## [Prompt]
Reproduce the records below exactly; the images should not appear.

## [Dataset records]
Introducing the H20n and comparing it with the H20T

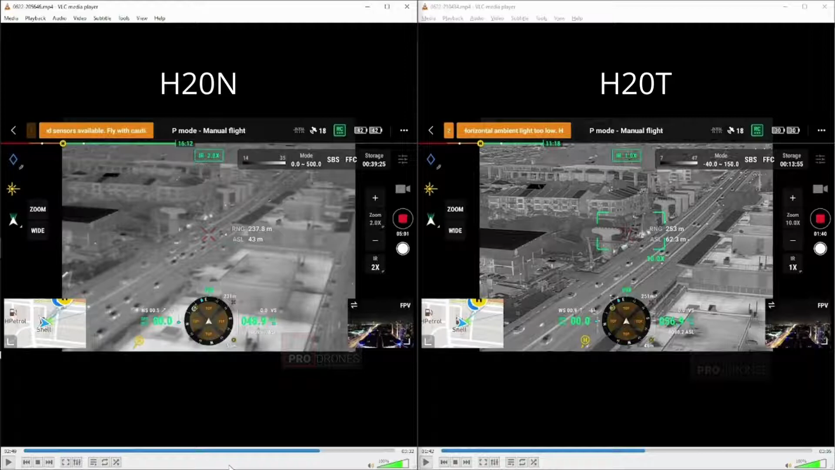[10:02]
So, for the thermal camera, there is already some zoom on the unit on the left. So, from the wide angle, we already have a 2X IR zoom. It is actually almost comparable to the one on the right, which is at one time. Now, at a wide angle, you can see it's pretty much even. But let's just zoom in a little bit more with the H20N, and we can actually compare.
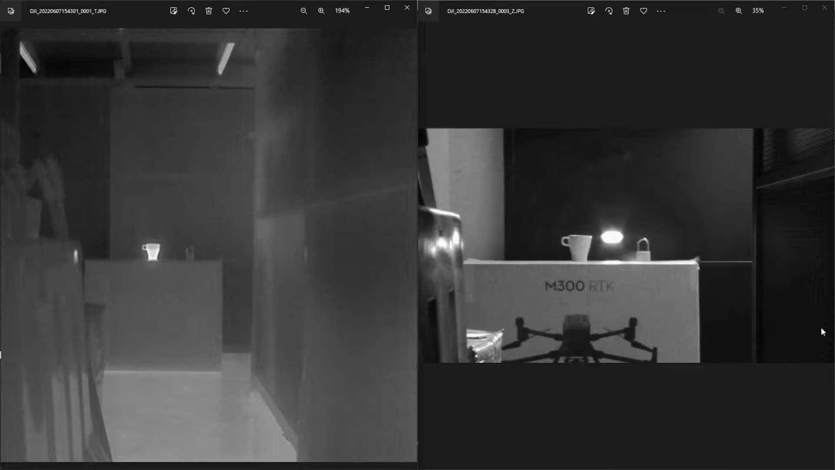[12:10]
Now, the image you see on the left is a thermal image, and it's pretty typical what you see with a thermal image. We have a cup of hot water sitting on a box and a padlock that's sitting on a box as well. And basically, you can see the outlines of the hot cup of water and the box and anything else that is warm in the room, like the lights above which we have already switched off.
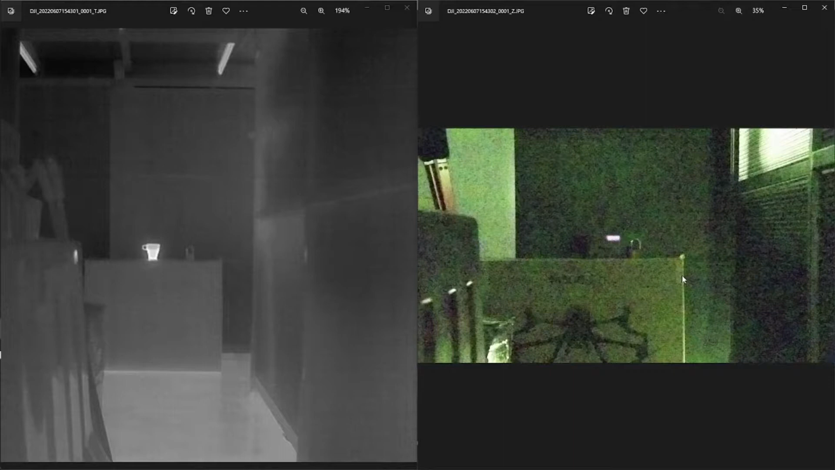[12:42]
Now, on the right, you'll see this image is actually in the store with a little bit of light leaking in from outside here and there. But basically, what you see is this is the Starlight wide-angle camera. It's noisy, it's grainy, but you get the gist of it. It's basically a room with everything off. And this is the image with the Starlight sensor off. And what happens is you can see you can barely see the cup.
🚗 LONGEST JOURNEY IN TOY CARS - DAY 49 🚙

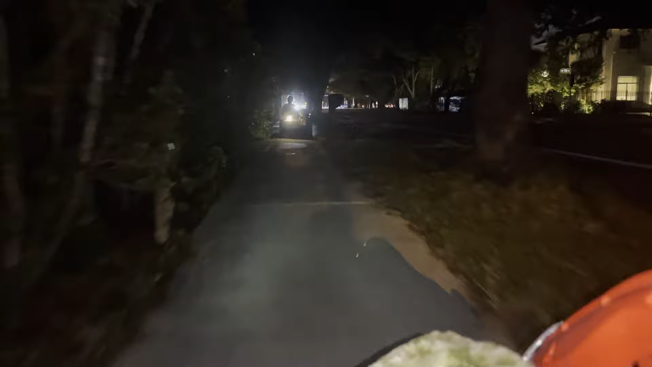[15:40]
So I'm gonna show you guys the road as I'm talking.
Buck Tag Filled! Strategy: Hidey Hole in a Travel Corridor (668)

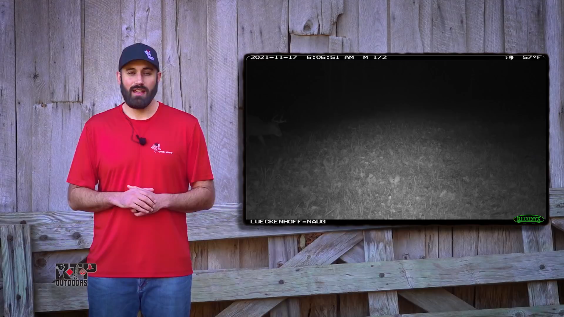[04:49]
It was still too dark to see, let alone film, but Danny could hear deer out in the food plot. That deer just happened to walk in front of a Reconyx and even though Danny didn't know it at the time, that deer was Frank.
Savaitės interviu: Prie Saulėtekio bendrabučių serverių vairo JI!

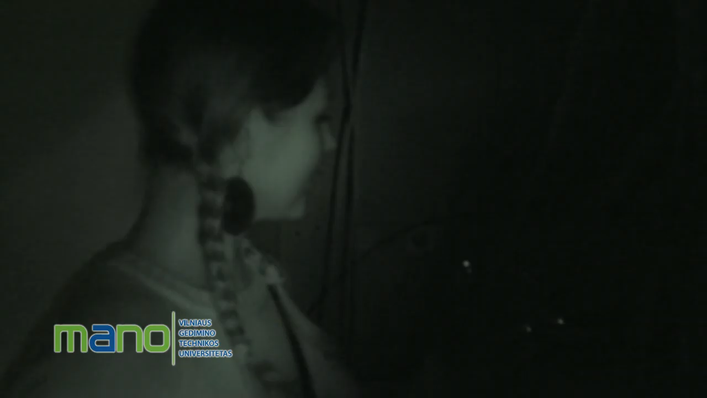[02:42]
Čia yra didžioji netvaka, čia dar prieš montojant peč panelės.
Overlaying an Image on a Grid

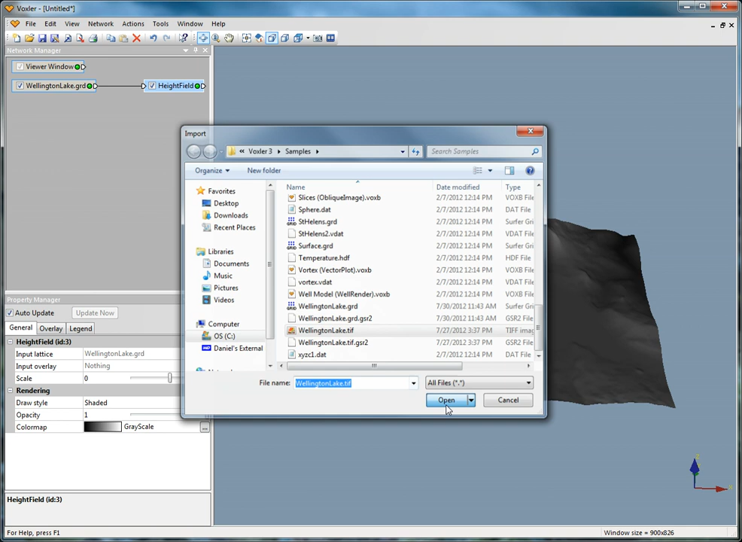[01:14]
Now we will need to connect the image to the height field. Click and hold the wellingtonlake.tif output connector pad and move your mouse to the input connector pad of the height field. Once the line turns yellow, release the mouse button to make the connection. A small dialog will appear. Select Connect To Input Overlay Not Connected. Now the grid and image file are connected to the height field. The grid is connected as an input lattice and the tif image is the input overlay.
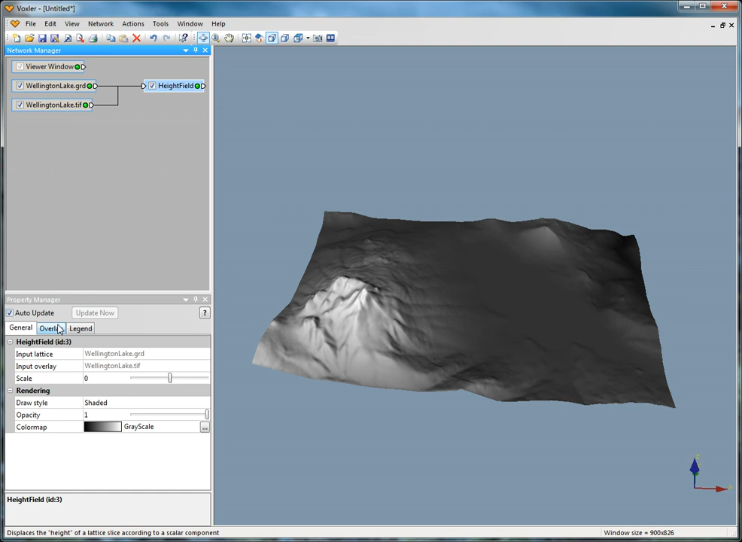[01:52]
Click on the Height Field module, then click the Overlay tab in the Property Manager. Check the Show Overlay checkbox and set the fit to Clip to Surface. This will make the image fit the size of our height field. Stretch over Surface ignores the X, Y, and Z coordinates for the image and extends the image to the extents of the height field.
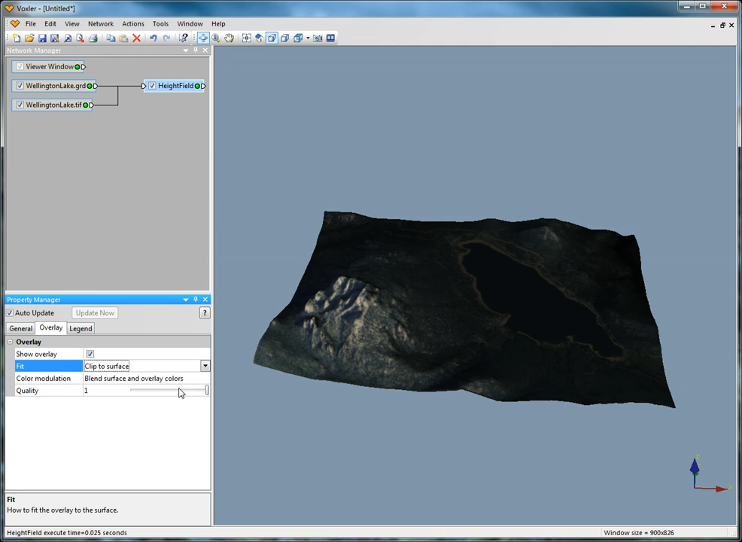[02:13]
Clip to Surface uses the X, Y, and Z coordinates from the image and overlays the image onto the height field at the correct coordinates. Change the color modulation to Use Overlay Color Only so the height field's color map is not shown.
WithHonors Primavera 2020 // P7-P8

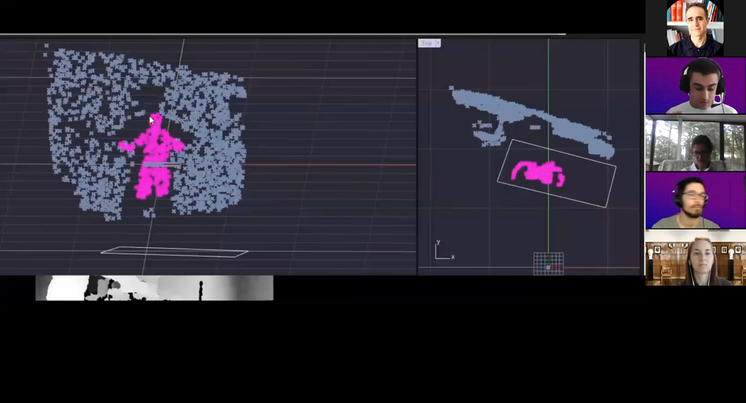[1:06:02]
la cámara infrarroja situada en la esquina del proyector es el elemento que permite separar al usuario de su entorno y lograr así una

## [Response to the exercise]
Introducing the H20n and comparing it with the H20T

[10:02]
So, for the thermal camera, there is already some zoom on the unit on the left. So, from the wide angle, we already have a 2X IR zoom. It is actually almost comparable to the one on the right, which is at one time. Now, at a wide angle, you can see it's pretty much even. But let's just zoom in a little bit more with the H20N, and we can actually compare.
[12:10]
Now, the image you see on the left is a thermal image, and it's pretty typical what you see with a thermal image. We have a cup of hot water sitting on a box and a padlock that's sitting on a box as well. And basically, you can see the outlines of the hot cup of water and the box and anything else that is warm in the room, like the lights above which we have already switched off.
[12:42]
Now, on the right, you'll see this image is actually in the store with a little bit of light leaking in from outside here and there. But basically, what you see is this is the Starlight wide-angle camera. It's noisy, it's grainy, but you get the gist of it. It's basically a room with everything off. And this is the image with the Starlight sensor off. And what happens is you can see you can barely see the cup.
🚗 LONGEST JOURNEY IN TOY CARS - DAY 49 🚙

[15:40]
So I'm gonna show you guys the road as I'm talking.
Buck Tag Filled! Strategy: Hidey Hole in a Travel Corridor (668)

[04:49]
It was still too dark to see, let alone film, but Danny could hear deer out in the food plot. That deer just happened to walk in front of a Reconyx and even though Danny didn't know it at the time, that deer was Frank.
Savaitės interviu: Prie Saulėtekio bendrabučių serverių vairo JI!

[02:42]
Čia yra didžioji netvaka, čia dar prieš montojant peč panelės.
Overlaying an Image on a Grid

[01:14]
Now we will need to connect the image to the height field. Click and hold the wellingtonlake.tif output connector pad and move your mouse to the input connector pad of the height field. Once the line turns yellow, release the mouse button to make the connection. A small dialog will appear. Select Connect To Input Overlay Not Connected. Now the grid and image file are connected to the height field. The grid is connected as an input lattice and the tif image is the input overlay.
[01:52]
Click on the Height Field module, then click the Overlay tab in the Property Manager. Check the Show Overlay checkbox and set the fit to Clip to Surface. This will make the image fit the size of our height field. Stretch over Surface ignores the X, Y, and Z coordinates for the image and extends the image to the extents of the height field.
[02:13]
Clip to Surface uses the X, Y, and Z coordinates from the image and overlays the image onto the height field at the correct coordinates. Change the color modulation to Use Overlay Color Only so the height field's color map is not shown.
WithHonors Primavera 2020 // P7-P8

[1:06:02]
la cámara infrarroja situada en la esquina del proyector es el elemento que permite separar al usuario de su entorno y lograr así una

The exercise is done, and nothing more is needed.